What does reflection look like and why are we using it … a lot?

Reflection is essential to learning. It often gets short-changed as busy work, when in reality reflection is the work of learning. Reflective spaces allow you to put together the pieces of your learning with the context of your knowledge. This is knowledge gained in other courses, your life experiences, and all the other places you take in information. Reflection is how you make sense of all that you know and begin making connections.

How to think about reflection…

I like to use Jennifer Moon’s work on  reflective learning and its relationship to experiential learning.  She created a five-stage framework for the learning process that can help us better understand how we work with and through content. From the image below, you can see that Moon’s framework overlays Bloom’s Taxonomy nicely. More importantly though, her framework provides language that helps us clarify our learning goals. 

Moon outlines how we traverse new concepts:

  • First, through noticing, where Moon (1999; 2001) asserts that “you cannot learn something if you do not notice it at some level (which could be unconscious)” (2001, p. 6).
  • Second, by making sense, or engaging with material without connecting it to previous knowledge.
  • Third, by making meaning, “there is a sense of meaningfulness but there is not much evidence of going beyond the given” (2001, p. 6).
  • Fourth, we begin working with meaning, the process of linking to previous knowledge or other ideas and experiences. “There is a creation of relationships of new material with other ideas” (2001, p. 6).
  • Lastly, through transformative learning , current understandings are transformed by new material through reflection.  This is the construction of new knowledge – or authoring – “…demonstrat[ing] strong restructuring of ideas and ability to evaluate the processes of reaching that learning” (2001, p. 6).

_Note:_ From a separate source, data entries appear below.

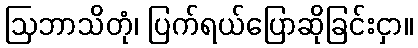
ဩဘာသိတုံ၊ ပြက်ရယ်ပြောဆိုခြင်းငှာ။
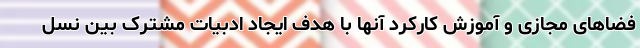
فضاهای مجازی و آموزش کارکرد آنها با هدف ایجاد ادبیات مشترک بین نسل
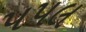
પપલ
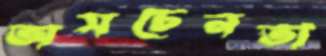
অসচেনতা
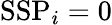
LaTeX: \mathrm{SSP}_{i}=0
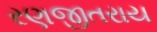
રણજીતરાય
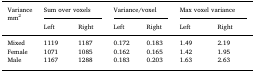
| <ROWSPAN=2> Variancemm2 | <COLSPAN=2> Sum over voxels | <COLSPAN=2> Variance/voxel | <COLSPAN=2> Max voxel variance |
 | Left | Right | Left | Right | Left | Right |
 | --- | --- | --- | --- | --- | --- | --- |
 | Mixed | 1119 | 1187 | 0.172 | 0.183 | 1.49 | 2.19 |
 | Female | 1071 | 1085 | 0.162 | 0.165 | 1.42 | 1.95 |
 | Male | 1167 | 1288 | 0.183 | 0.203 | 1.63 | 2.63 |
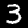
Digit: 3
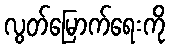
လွတ်မြောက်ရေးကို
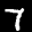
Label: 7
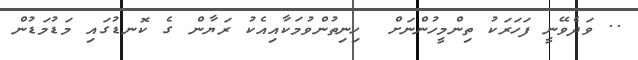
.. ވަދެވޭނީ ފަހަރަކު ތިންމީހުންނަށް  ހިނިތުންވުމަކާއިއެކު ރަޔާން ގެ ކޮނޑުގައި މަޑުމަޑުން
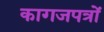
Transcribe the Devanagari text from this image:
कागजपत्रों
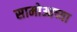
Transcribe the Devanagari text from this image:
सामोआच्या
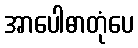
အာပေါဓာတုံပေ
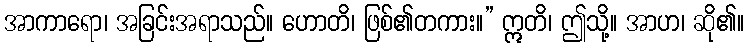
အာကာရော၊ အခြင်းအရာသည်။ ဟောတိ၊ ဖြစ်၏တကား။” ဣတိ၊ ဤသို့။ အာဟ၊ ဆို၏။
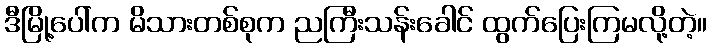
ဒီမြို့ပေါ်က မိသားတစ်စုက ညကြီးသန်းခေါင် ထွက်ပြေးကြမလို့တဲ့။
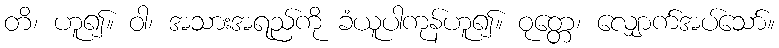
တိ၊ ဟူ၍။ ဝါ၊ အသားအရည်ကို ခံယူပါကုန်ဟူ၍။ ဝုတ္တေ၊ လျှောက်အပ်သော်။
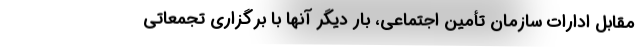
مقابل ادارات سازمان تأمین اجتماعی، بار دیگر آنها با برگزاری تجمعاتی

Again, returning to the image above:

  • Noticing and sense-making align with the lower Bloom’s levels (remember and understand). Learners are just trying to comprehend the content.
  • Making meaning and working with meaning move into the application and analysis portions of Blooms. Learners have grasped the general concept and are now starting to put the material to work.
  • Transformative learning really opens up analysis and evaluation with creation. This is when learners begin to unlock the true excitement of lifelong learning – they begin to create linkages between what they know and have experienced (beyond the content) and create completely new meaning. This last stage is often what many of us look forward to the most in our teaching. 

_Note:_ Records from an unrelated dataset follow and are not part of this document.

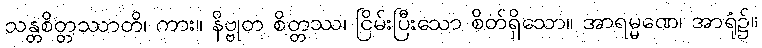
သန္တစိတ္တဿာတိ၊ ကား။ နိဗ္ဗုတ စိတ္တဿ၊ ငြိမ်းပြီးသော စိတ်ရှိသော။ အာရမ္မဏေ၊ အာရုံ၌။
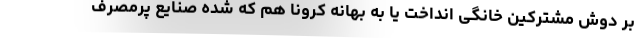
بر دوش مشترکین خانگی انداخت یا به بهانه کرونا هم که شده صنایع پرمصرف
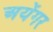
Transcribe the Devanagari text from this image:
अयेंगर
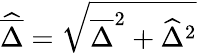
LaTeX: \widehat{\overline{{\Delta}}}=\sqrt{\overline{{\Delta}}^{2}+\widehat{\Delta}^{2}}
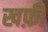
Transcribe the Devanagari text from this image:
खफ़ी
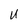
Character: U
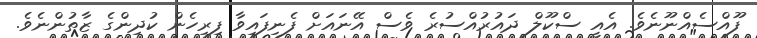
ފޫއްސެއްނޫނެވެ. އެއީ ސްކޫލް ދައުރުއްސުރެ ވެސް އޭނައަށް ފެނިފައިވާ ފިރިހެން ކުދިންގެ ޒާތުންނެވެ.
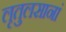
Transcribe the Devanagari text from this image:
लृतुलसानां
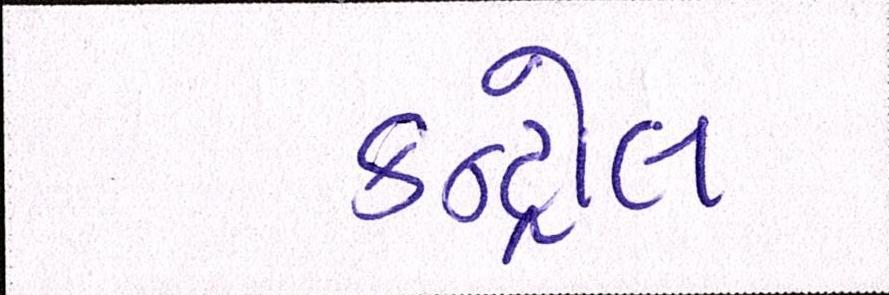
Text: કન્ટ્રોલ

Reflection is essential to this process. As I mentioned above, reflection has power in learning. It is often overlooked or undersold (a belief to “unlearn,” perhaps?). Also, reflection provides an important place of comfort and retreat (Tanaka, 2017), as the learners engage with their previous understandings of what constitutes “valid” knowledge. One approach is to ask learners to “try on” content. This involves providing learners with the space to pull apart what they are learning, engage with it, and determine where it settles in their own learning process before deploying the content in summative ways. Another way to approach this is to provide learners with opportunities to construct their own narratives in safe ways, such as journals and logs that may or may not be shared with the instructor.  We will use all of these approaches in this course.